**WHAT YOU WILL DO**. Would you return the lines between the one holding "9.733H20.713C20.713 6.722 23.163" and the one holding "35.862L14.094 39.109H3.344L3.025 35.862C3.346", inclusive, and only those, exactly as they stand in the listing below?
DATA EXCERPTS below:
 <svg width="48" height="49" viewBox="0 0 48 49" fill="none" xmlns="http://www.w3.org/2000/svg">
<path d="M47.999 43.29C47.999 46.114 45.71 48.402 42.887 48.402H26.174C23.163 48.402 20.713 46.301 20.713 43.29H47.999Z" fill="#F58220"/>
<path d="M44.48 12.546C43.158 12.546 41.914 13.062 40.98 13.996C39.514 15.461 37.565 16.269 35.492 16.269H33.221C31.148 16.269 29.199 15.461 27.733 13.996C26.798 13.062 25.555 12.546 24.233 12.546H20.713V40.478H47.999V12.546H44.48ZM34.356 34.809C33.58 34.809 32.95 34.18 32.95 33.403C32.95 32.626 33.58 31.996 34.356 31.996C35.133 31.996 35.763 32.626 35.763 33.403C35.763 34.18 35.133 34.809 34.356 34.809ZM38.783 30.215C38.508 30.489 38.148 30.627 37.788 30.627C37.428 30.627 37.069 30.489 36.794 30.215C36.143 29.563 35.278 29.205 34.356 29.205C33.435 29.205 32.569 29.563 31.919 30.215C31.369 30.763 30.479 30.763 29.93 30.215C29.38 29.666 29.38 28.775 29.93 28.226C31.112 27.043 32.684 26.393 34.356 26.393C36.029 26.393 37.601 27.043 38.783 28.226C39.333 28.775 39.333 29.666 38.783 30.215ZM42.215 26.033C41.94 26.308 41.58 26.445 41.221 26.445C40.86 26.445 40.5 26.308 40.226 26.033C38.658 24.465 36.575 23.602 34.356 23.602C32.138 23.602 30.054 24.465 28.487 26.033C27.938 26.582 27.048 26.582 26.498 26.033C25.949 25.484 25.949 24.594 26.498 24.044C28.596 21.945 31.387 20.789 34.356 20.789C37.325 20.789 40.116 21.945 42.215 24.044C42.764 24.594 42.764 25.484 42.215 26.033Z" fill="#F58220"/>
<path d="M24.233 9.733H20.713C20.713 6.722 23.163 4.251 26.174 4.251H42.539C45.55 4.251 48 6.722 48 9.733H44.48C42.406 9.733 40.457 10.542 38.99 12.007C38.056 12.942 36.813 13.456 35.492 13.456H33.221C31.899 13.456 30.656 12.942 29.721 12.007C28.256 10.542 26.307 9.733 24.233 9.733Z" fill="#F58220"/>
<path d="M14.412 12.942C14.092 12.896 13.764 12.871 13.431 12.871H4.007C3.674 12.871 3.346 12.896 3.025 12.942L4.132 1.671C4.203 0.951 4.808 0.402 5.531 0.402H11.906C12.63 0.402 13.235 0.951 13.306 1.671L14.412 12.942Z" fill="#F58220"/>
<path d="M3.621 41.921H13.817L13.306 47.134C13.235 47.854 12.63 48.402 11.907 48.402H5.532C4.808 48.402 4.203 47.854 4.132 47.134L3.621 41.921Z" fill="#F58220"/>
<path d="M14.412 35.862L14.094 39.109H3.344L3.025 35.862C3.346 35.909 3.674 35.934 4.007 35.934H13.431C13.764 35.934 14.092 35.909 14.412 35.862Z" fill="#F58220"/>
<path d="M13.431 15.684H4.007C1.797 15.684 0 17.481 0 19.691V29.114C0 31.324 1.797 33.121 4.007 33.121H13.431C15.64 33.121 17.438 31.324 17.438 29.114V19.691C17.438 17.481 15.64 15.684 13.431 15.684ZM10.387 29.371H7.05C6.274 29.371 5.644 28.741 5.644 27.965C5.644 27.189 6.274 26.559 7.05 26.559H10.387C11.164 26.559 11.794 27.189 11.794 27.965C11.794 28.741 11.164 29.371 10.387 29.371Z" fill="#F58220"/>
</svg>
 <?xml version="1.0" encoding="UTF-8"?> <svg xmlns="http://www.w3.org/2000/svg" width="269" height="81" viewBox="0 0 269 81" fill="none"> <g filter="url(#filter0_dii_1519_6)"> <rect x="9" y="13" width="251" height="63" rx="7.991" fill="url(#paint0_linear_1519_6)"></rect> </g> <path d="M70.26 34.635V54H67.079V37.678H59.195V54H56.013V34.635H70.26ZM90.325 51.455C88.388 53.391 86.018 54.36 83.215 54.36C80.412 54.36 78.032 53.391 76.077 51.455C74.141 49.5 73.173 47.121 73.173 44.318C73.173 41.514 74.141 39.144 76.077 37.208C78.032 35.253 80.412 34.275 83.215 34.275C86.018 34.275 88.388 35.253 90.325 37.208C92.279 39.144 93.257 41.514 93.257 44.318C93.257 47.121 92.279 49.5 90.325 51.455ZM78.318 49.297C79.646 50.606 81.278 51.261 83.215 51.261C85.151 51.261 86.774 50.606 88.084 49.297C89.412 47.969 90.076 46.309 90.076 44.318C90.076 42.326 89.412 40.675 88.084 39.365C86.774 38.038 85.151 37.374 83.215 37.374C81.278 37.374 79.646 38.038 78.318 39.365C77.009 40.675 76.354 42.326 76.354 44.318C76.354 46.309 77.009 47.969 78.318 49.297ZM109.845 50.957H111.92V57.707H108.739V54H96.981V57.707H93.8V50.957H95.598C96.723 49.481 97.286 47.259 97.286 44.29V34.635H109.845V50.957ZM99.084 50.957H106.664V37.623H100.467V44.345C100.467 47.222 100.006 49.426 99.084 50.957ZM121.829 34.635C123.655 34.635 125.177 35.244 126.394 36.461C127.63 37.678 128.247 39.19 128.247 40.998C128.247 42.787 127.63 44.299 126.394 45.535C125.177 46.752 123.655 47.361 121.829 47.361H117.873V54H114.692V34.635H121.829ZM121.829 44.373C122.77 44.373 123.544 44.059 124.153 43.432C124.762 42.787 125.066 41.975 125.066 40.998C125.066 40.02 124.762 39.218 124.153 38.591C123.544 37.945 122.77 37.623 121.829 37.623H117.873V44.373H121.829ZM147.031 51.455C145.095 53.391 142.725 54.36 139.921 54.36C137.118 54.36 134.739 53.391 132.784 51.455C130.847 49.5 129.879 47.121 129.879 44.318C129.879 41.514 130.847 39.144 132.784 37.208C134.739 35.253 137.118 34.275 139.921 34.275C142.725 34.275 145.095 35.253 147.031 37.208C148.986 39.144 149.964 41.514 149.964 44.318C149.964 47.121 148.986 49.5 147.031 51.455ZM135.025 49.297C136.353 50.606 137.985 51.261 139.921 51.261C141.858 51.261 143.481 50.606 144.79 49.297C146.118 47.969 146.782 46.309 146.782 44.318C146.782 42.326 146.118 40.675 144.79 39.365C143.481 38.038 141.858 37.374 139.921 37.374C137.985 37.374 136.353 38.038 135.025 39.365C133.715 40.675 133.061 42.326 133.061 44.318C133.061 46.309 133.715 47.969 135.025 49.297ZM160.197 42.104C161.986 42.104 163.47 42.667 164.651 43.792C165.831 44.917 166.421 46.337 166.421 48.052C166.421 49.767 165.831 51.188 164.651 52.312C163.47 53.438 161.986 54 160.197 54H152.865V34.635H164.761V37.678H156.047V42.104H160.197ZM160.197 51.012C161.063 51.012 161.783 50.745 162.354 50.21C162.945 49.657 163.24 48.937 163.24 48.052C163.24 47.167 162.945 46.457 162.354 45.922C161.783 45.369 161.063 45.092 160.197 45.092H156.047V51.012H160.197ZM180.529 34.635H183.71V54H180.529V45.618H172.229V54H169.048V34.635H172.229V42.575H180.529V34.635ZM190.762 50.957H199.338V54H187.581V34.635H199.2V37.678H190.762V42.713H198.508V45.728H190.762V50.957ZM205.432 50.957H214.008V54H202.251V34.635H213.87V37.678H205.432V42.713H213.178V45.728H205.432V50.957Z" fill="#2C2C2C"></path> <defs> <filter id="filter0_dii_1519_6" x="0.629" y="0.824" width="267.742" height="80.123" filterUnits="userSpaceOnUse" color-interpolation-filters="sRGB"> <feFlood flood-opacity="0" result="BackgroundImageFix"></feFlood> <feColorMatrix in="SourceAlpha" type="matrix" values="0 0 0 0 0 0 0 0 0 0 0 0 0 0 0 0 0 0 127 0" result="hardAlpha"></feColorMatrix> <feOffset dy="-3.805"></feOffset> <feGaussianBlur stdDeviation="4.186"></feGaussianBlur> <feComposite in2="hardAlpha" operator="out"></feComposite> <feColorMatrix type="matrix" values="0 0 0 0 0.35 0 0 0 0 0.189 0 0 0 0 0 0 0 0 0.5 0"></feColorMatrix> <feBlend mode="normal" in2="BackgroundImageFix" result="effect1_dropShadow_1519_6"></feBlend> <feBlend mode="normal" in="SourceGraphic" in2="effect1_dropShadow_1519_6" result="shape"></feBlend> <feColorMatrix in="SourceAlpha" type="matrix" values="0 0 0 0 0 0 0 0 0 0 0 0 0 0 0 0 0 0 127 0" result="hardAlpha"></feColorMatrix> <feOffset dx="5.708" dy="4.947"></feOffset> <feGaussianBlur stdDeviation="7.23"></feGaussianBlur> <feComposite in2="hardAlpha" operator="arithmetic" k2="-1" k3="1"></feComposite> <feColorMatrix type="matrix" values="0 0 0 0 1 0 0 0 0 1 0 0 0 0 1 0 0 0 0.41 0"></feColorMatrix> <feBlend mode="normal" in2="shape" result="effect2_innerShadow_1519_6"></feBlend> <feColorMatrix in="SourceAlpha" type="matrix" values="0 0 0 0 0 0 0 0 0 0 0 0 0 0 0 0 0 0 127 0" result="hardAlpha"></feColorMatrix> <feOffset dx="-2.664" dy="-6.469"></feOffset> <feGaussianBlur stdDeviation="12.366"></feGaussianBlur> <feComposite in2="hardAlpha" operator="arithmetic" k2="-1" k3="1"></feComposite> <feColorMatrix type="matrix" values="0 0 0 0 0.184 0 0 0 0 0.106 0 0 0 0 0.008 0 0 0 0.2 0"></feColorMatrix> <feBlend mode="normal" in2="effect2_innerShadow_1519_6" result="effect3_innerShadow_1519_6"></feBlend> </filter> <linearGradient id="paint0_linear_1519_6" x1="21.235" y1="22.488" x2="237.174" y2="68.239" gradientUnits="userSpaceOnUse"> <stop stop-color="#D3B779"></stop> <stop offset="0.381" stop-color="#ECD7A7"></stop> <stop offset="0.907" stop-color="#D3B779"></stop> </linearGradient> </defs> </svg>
End of DATA EXCERPTS.
**YOUR RESPONSE**.
<path d="M24.233 9.733H20.713C20.713 6.722 23.163 4.251 26.174 4.251H42.539C45.55 4.251 48 6.722 48 9.733H44.48C42.406 9.733 40.457 10.542 38.99 12.007C38.056 12.942 36.813 13.456 35.492 13.456H33.221C31.899 13.456 30.656 12.942 29.721 12.007C28.256 10.542 26.307 9.733 24.233 9.733Z" fill="#F58220"/>
<path d="M14.412 12.942C14.092 12.896 13.764 12.871 13.431 12.871H4.007C3.674 12.871 3.346 12.896 3.025 12.942L4.132 1.671C4.203 0.951 4.808 0.402 5.531 0.402H11.906C12.63 0.402 13.235 0.951 13.306 1.671L14.412 12.942Z" fill="#F58220"/>
<path d="M3.621 41.921H13.817L13.306 47.134C13.235 47.854 12.63 48.402 11.907 48.402H5.532C4.808 48.402 4.203 47.854 4.132 47.134L3.621 41.921Z" fill="#F58220"/>
<path d="M14.412 35.862L14.094 39.109H3.344L3.025 35.862C3.346 35.909 3.674 35.934 4.007 35.934H13.431C13.764 35.934 14.092 35.909 14.412 35.862Z" fill="#F58220"/>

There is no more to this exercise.